El bar se llamaba Palma Negra y estaba situado en la calle de la Palma, cerca de San Dimas. Era un local pequeño, oscuro y frecuentado por jóvenes y adolescentes vestidos con ropas muy ajustadas, grandes zapatones y botas. Solían llevar adornos metálicos en las cazadoras, pendientes en las orejas, uñas excesivamente largas y el pelo cortado a ráfagas, en cresta y tintado de una variada gama de colores que iba desde el verde al morado.

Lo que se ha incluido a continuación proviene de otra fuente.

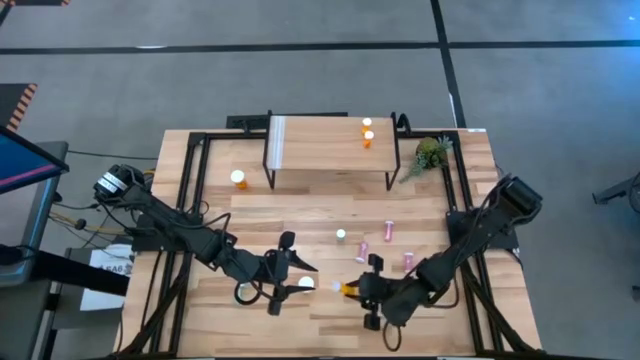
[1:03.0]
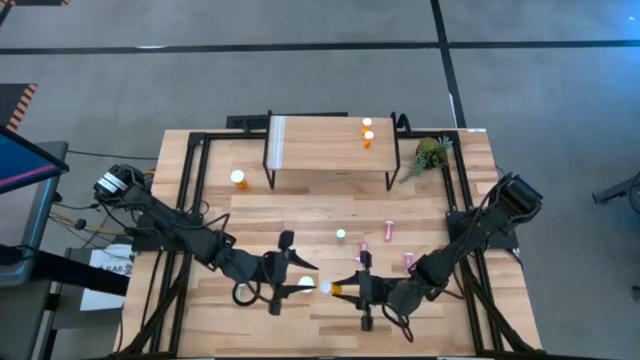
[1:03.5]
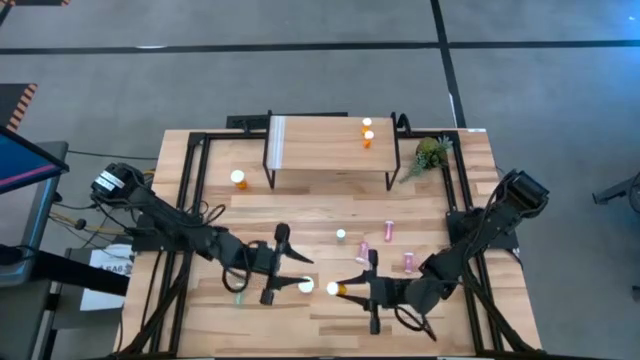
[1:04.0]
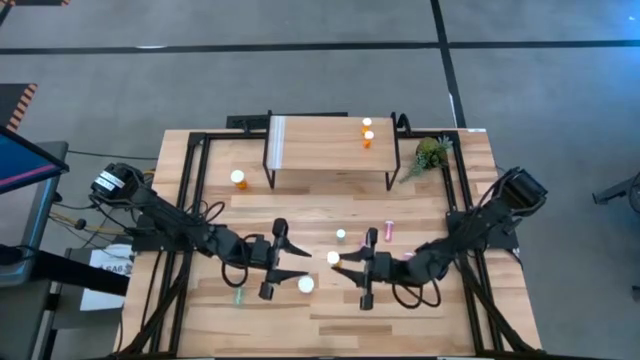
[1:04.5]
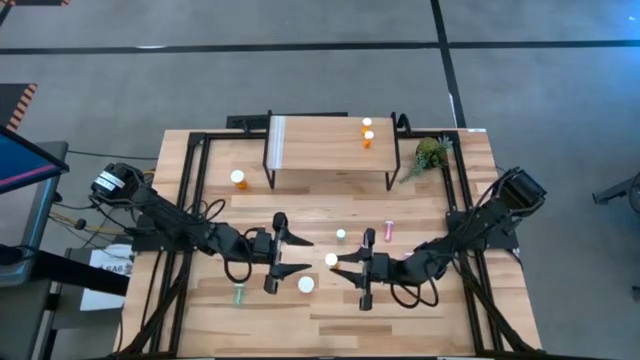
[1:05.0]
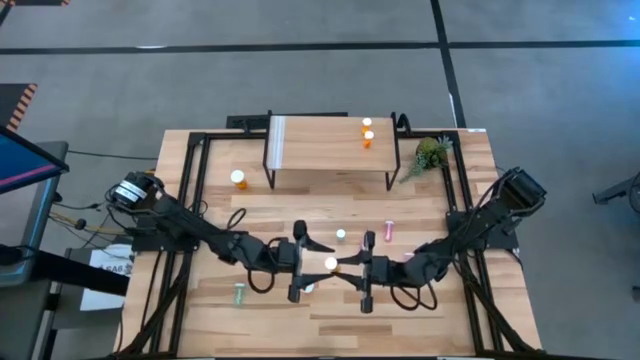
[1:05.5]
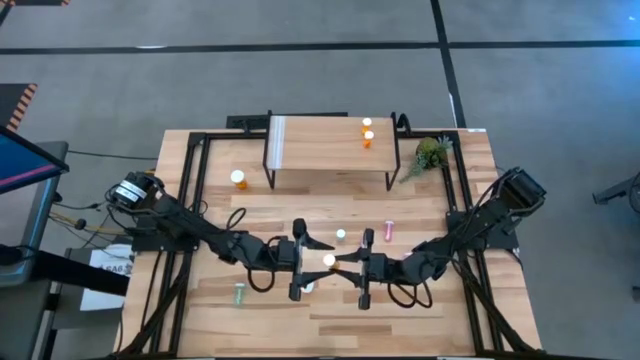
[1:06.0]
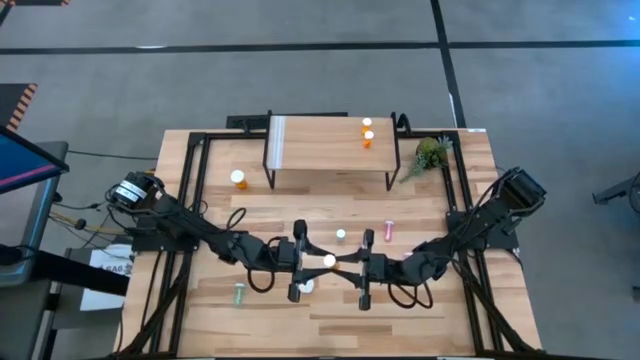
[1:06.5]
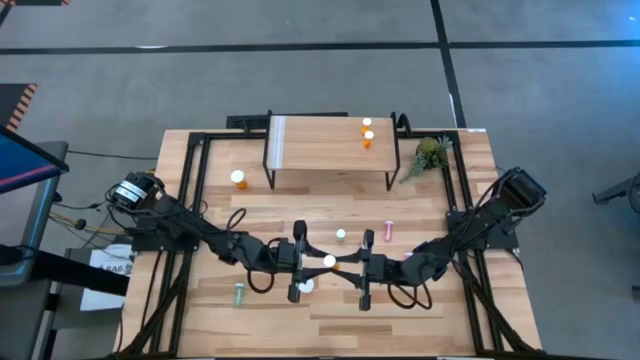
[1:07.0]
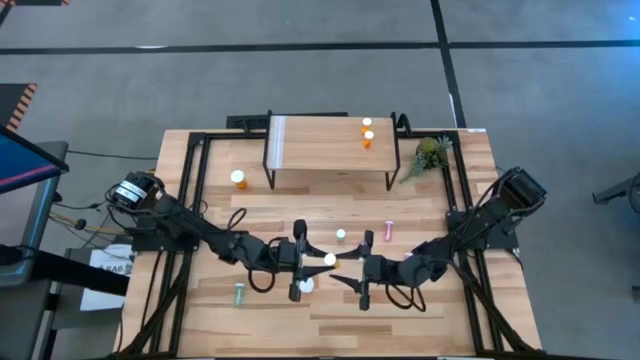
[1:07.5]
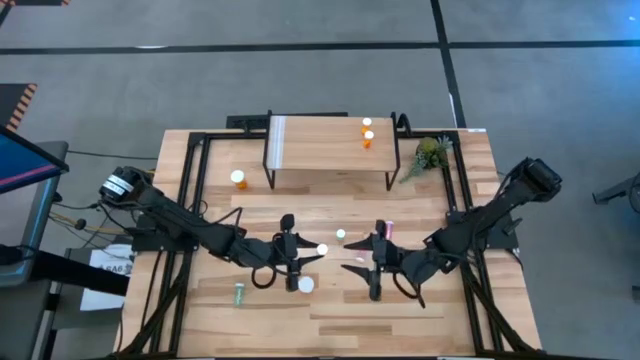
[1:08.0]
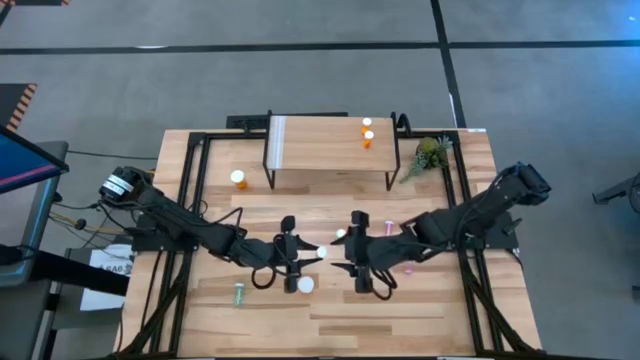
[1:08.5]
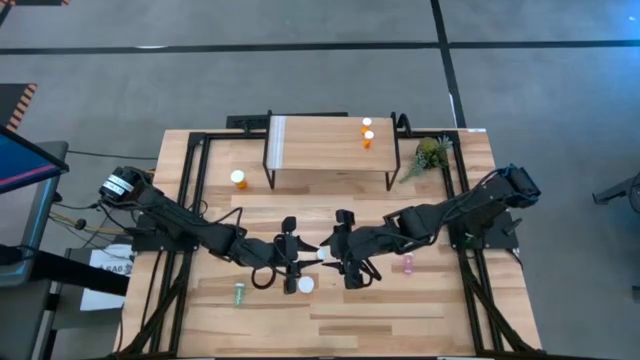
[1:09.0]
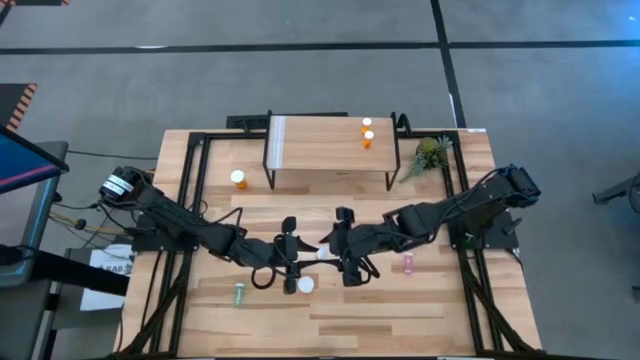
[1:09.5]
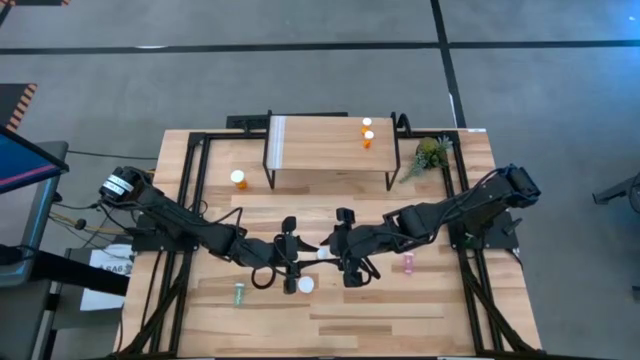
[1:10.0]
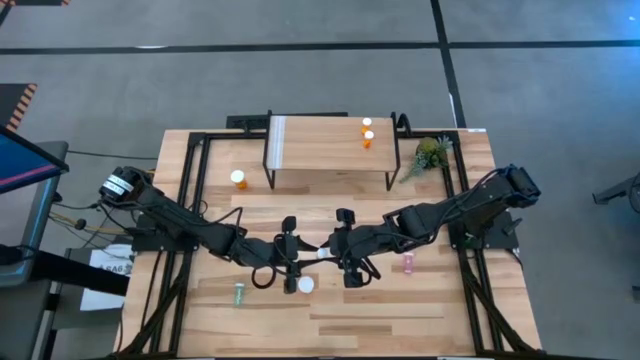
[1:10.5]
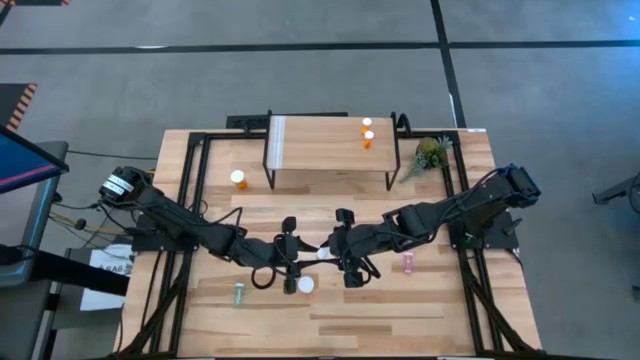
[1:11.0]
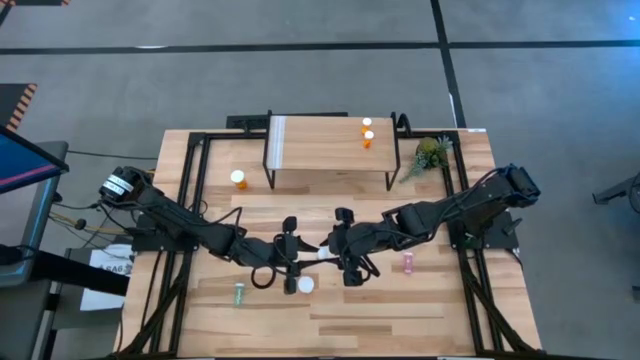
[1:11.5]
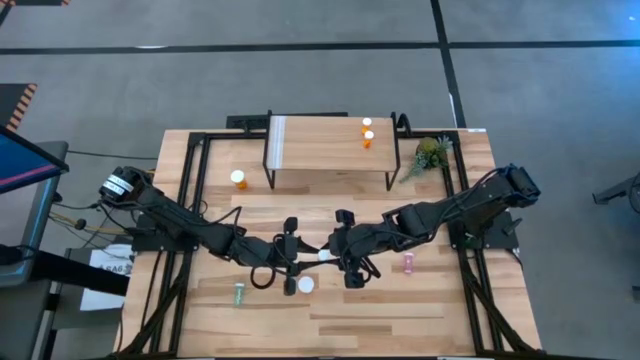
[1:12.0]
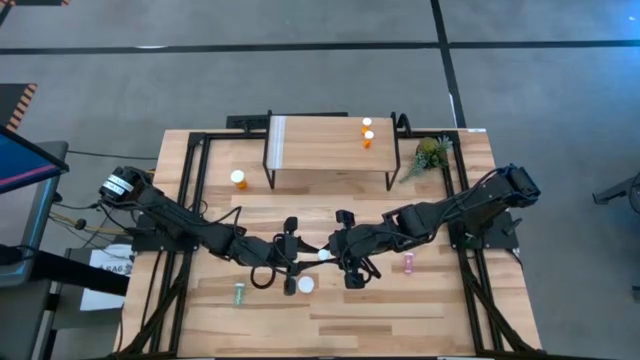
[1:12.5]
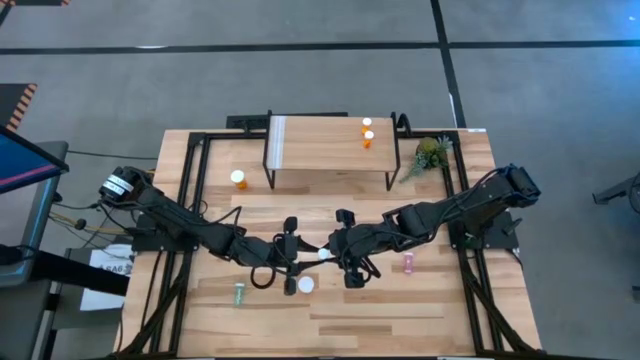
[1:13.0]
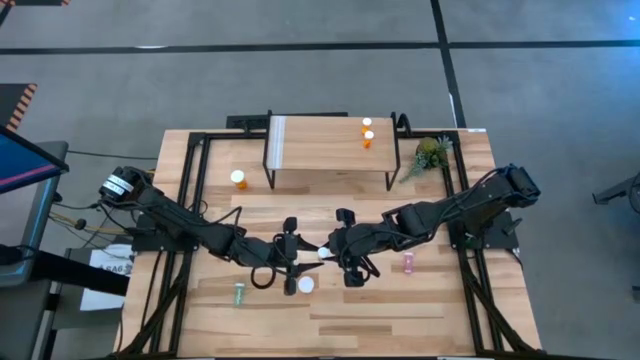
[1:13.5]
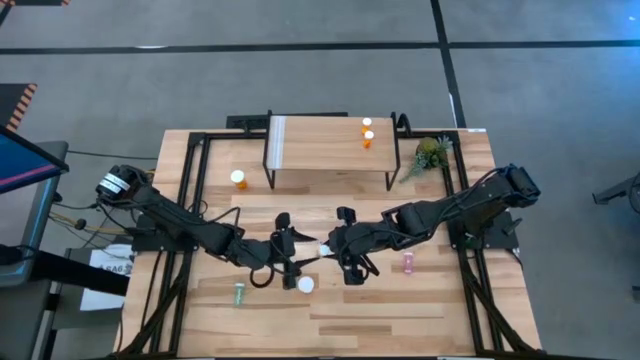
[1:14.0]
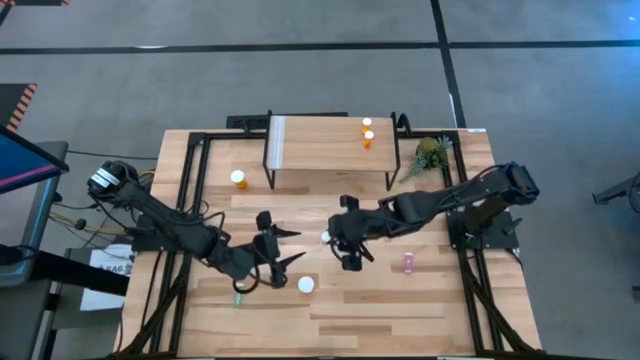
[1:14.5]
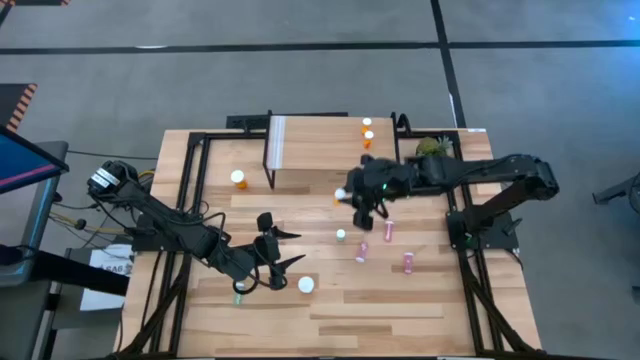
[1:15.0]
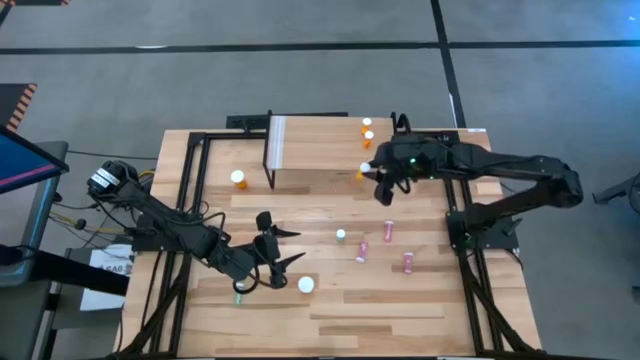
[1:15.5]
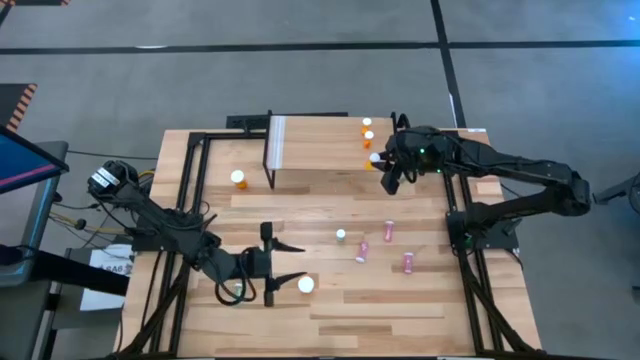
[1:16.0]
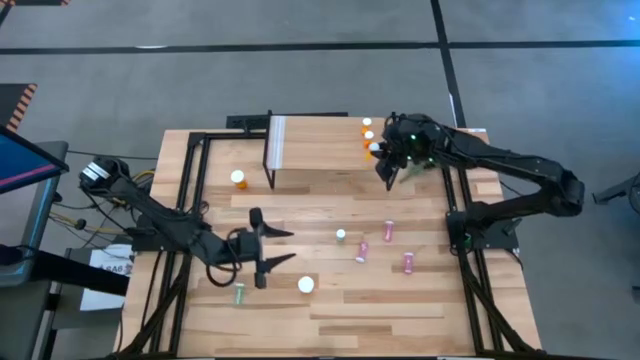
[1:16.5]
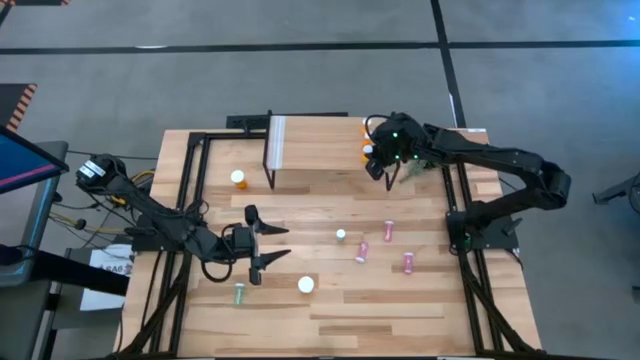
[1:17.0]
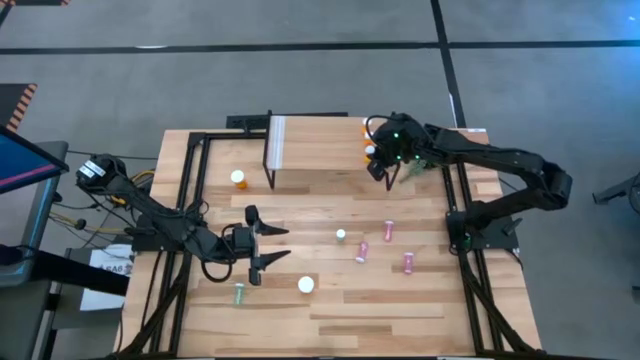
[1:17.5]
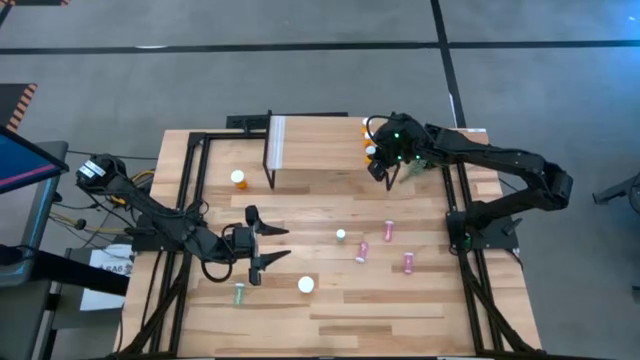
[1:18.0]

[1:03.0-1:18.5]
Task: Pick and place medicine bottles onto shelf by color
Put the small orange pill bottle on the shelf aligned with the small orange pill bottles

A aquellas horas de la noche el bar estaba lleno. Los chicos y las chicas bebían cerveza directamente de las botellas y hablaban, reían y gritaban a la vez, compitiendo con la estridente música que surgía de los ocho altavoces repartidos por la sala. La camarera puso delante de Pacheco una botella de cerveza que abrió con un solo gesto. La llamaban Kiki y tenía unos cuantos años más que la mayor parte de sus clientes, pero se vestía y actuaba como si fuera su propia hermana pequeña. Llevó la botella de cerveza hasta el final del mostrador y se la puso a Pacheco frente a un vaso de ginebra con hielo.
—¡Gracias, guapa! —le gritó Pacheco, y vertió la cerveza en el vaso de ginebra.
La camarera se retiró al otro extremo de la barra. Aquel sujeto tan extraño llevaba ya cinco botellas de cerveza mezcladas con otros tantos vasos de ginebra. Al principio le había seguido la corriente cuando se dirigía a ella hablándole del tipo de tonterías que suele decirse a las camareras y que ellas conocen tan bien.
Pero, poco a poco, Pacheco había comenzado a decir incoherencias, y entonces ella se había situado lejos de aquel sujeto. Pacheco seguía hablando, pero ella no estaba segura de si aquellas palabras iban dirigidas a su persona o eran farfulleos de borracho.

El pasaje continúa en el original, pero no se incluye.